> _What to work on_
If an entry below holds a picture, leave the picture out and print the rest exactly.

::::

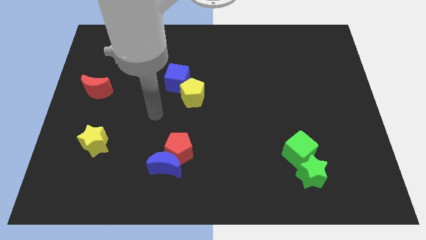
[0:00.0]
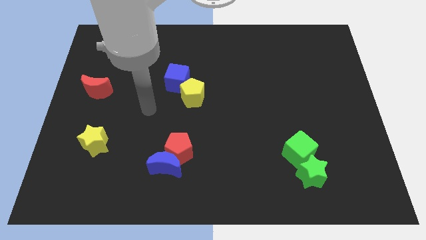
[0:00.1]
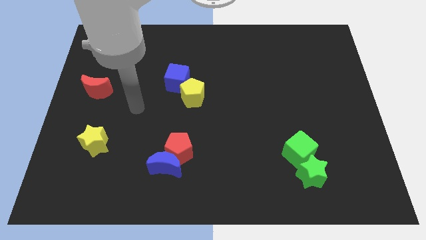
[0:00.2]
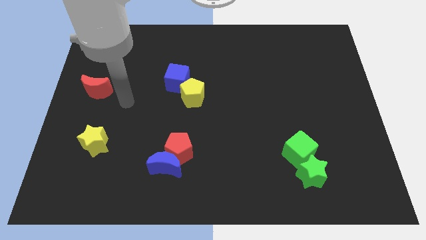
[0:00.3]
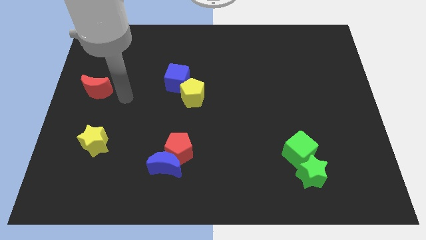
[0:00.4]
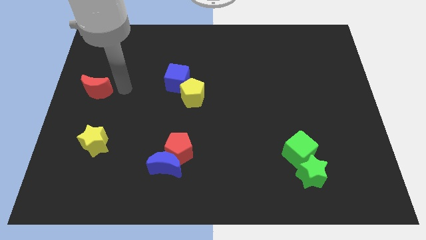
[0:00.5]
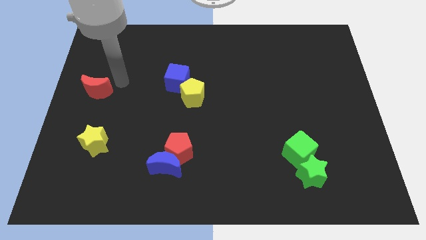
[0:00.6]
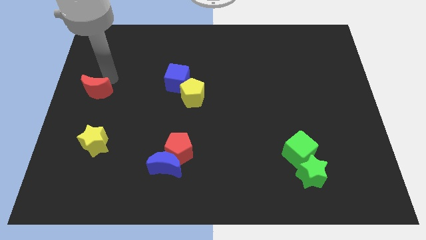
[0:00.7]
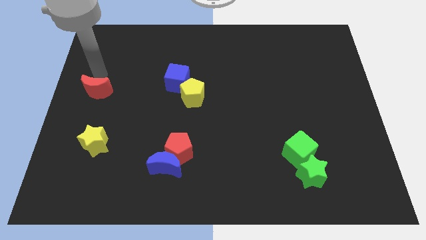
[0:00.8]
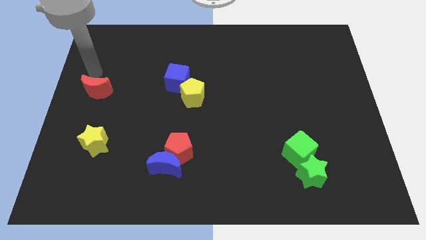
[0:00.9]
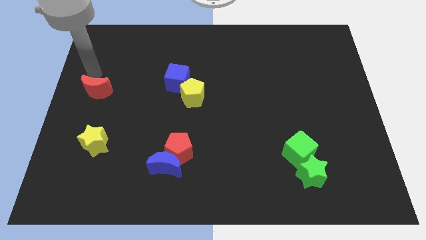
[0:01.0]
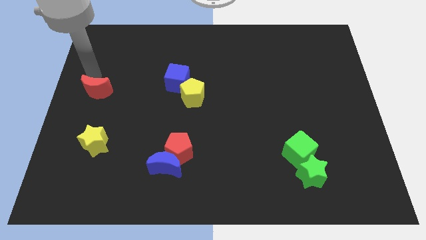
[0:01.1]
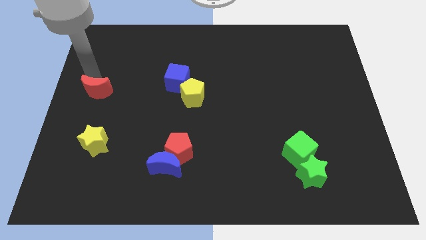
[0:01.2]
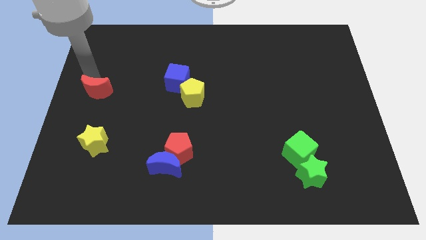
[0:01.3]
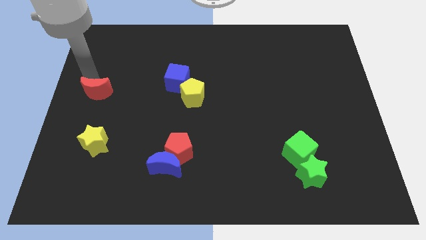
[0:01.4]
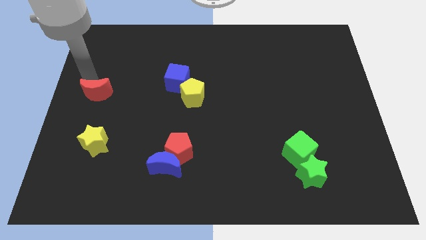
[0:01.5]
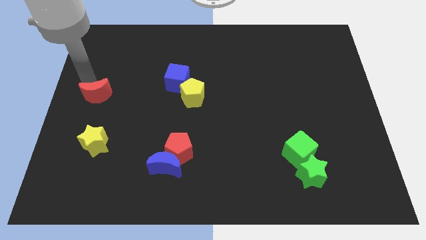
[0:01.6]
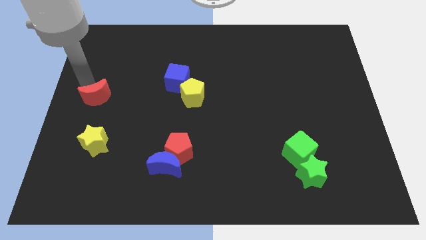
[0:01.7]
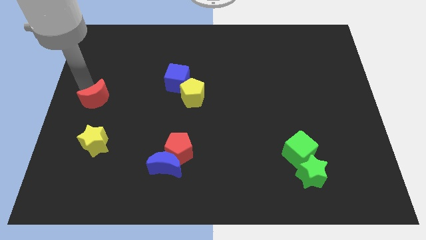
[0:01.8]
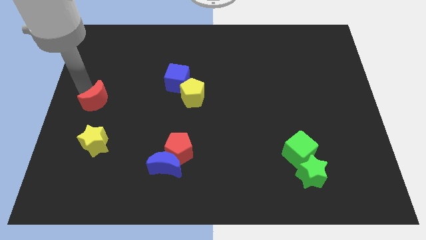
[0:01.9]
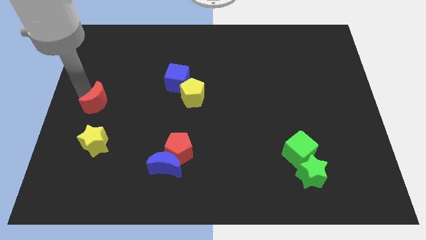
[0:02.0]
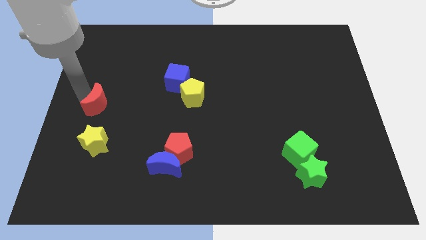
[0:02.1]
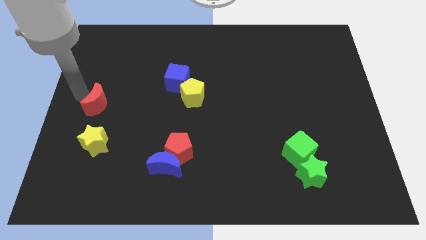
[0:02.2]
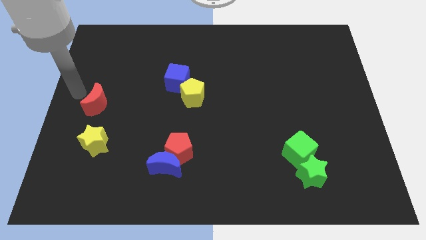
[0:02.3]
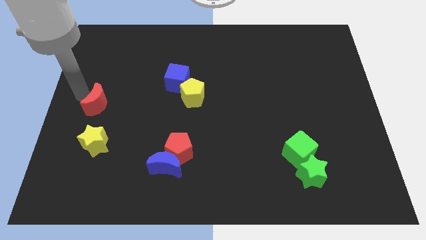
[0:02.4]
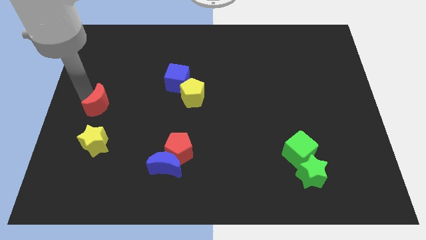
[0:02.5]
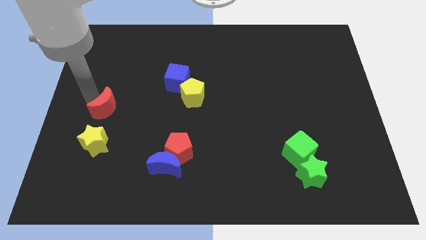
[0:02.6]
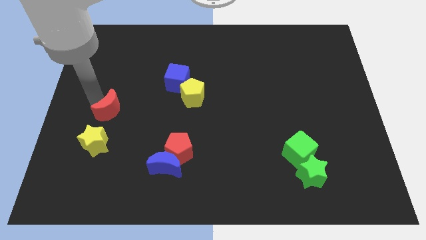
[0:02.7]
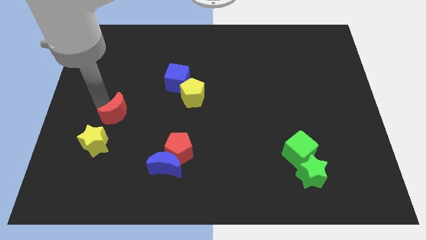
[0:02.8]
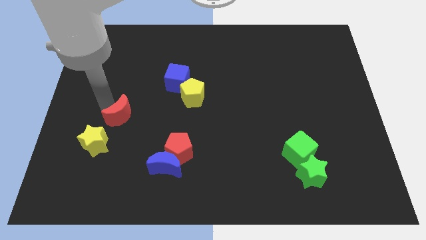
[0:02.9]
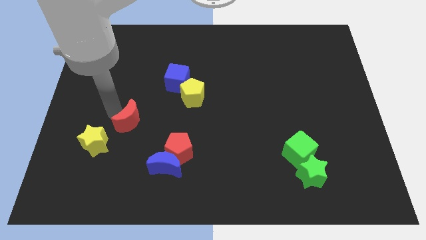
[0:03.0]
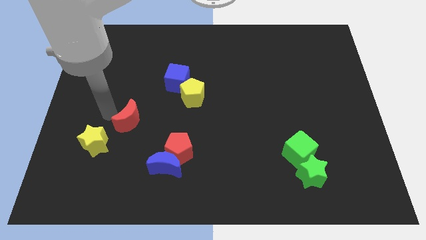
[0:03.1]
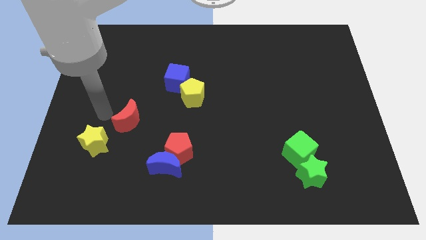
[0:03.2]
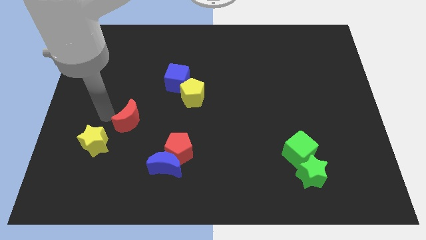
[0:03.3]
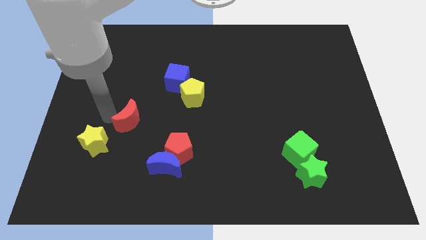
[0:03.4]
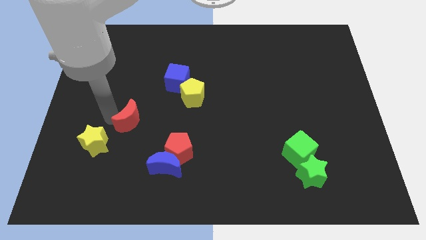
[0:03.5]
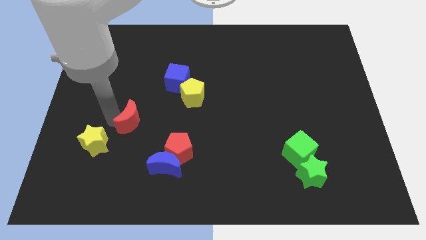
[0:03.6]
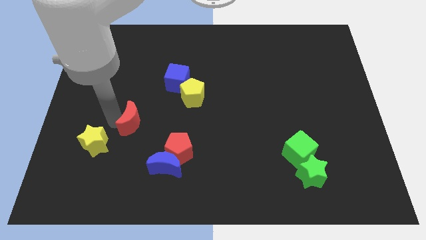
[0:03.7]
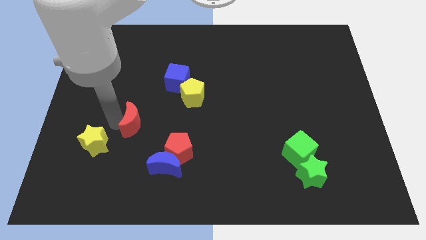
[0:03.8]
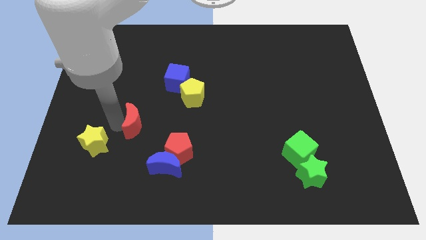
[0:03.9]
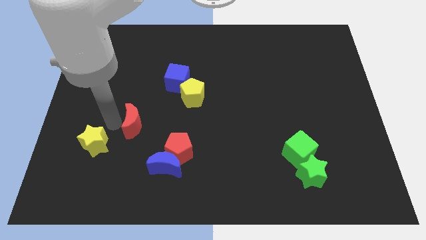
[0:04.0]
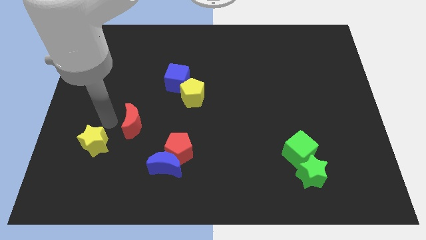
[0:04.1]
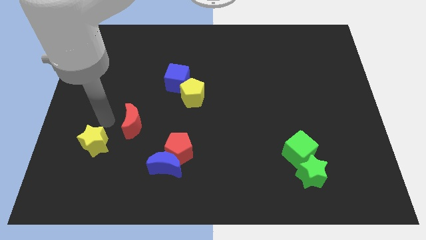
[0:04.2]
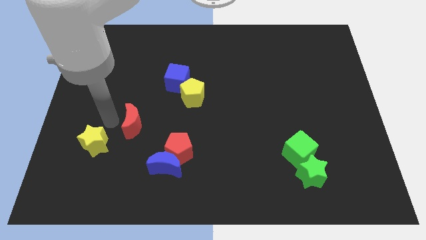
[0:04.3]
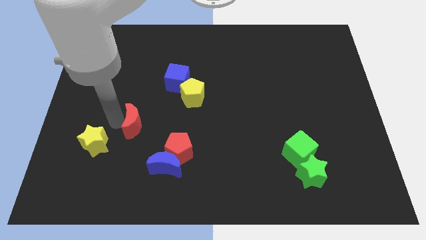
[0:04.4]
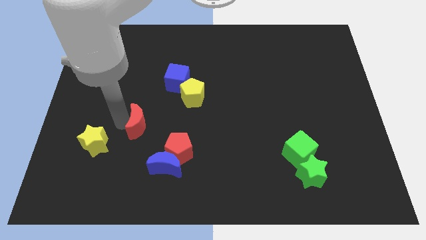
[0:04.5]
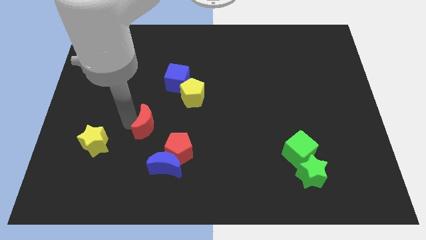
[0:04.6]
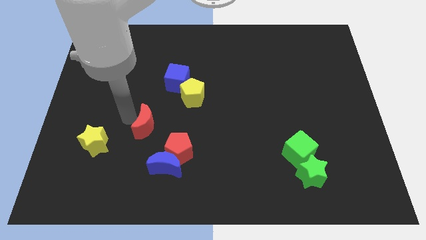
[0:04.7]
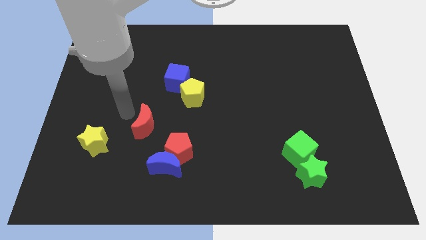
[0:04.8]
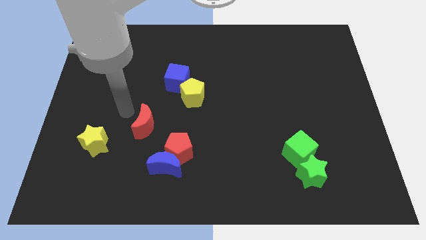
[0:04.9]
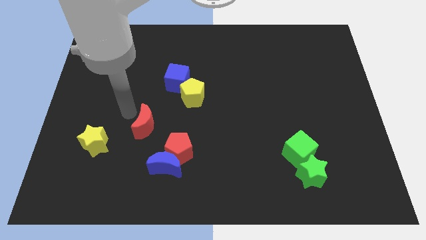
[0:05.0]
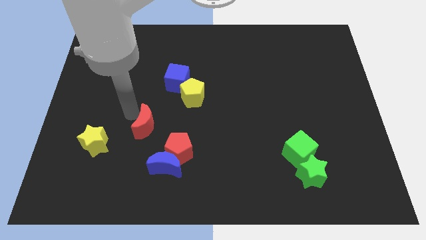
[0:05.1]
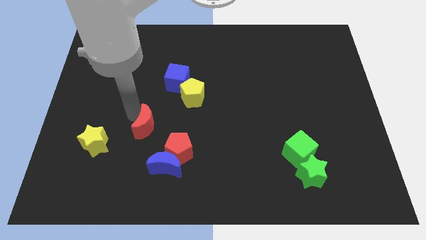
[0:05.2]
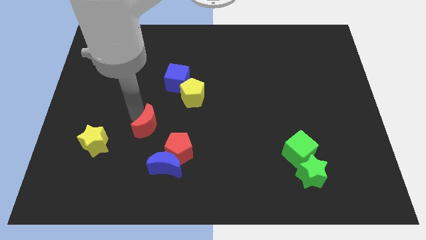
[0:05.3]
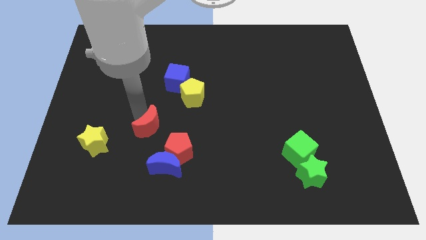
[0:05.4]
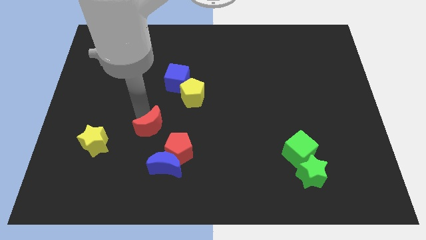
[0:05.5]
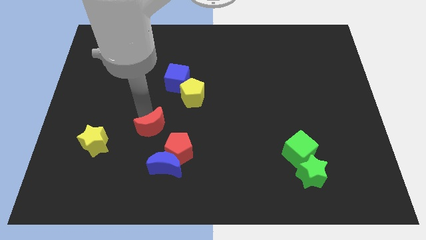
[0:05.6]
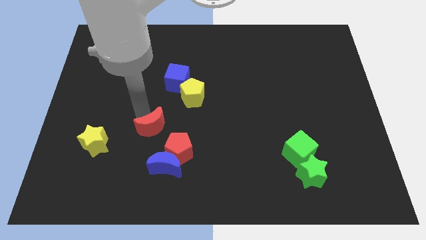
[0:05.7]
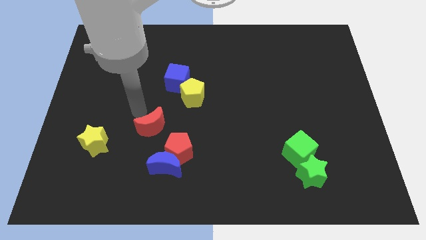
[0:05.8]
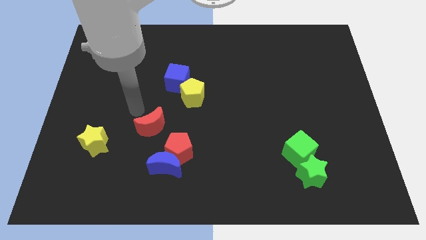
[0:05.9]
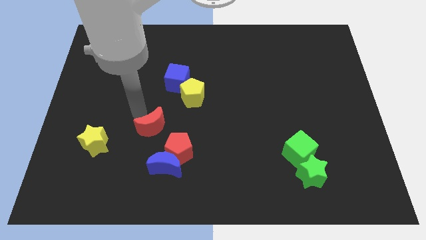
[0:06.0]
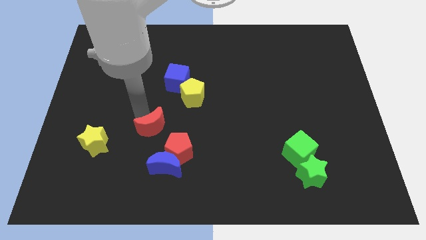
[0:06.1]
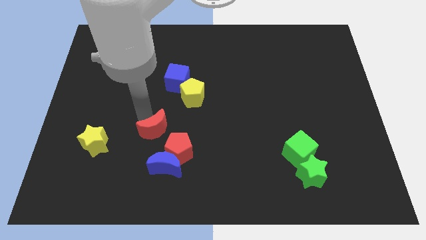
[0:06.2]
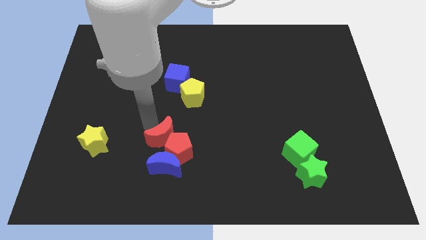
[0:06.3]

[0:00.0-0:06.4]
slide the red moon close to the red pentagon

::::

> _Written answer_
[0:00.0]
[0:00.1]
[0:00.2]
[0:00.3]
[0:00.4]
[0:00.5]
[0:00.6]
[0:00.7]
[0:00.8]
[0:00.9]
[0:01.0]
[0:01.1]
[0:01.2]
[0:01.3]
[0:01.4]
[0:01.5]
[0:01.6]
[0:01.7]
[0:01.8]
[0:01.9]
[0:02.0]
[0:02.1]
[0:02.2]
[0:02.3]
[0:02.4]
[0:02.5]
[0:02.6]
[0:02.7]
[0:02.8]
[0:02.9]
[0:03.0]
[0:03.1]
[0:03.2]
[0:03.3]
[0:03.4]
[0:03.5]
[0:03.6]
[0:03.7]
[0:03.8]
[0:03.9]
[0:04.0]
[0:04.1]
[0:04.2]
[0:04.3]
[0:04.4]
[0:04.5]
[0:04.6]
[0:04.7]
[0:04.8]
[0:04.9]
[0:05.0]
[0:05.1]
[0:05.2]
[0:05.3]
[0:05.4]
[0:05.5]
[0:05.6]
[0:05.7]
[0:05.8]
[0:05.9]
[0:06.0]
[0:06.1]
[0:06.2]
[0:06.3]

[0:00.0-0:06.4]
slide the red moon close to the red pentagon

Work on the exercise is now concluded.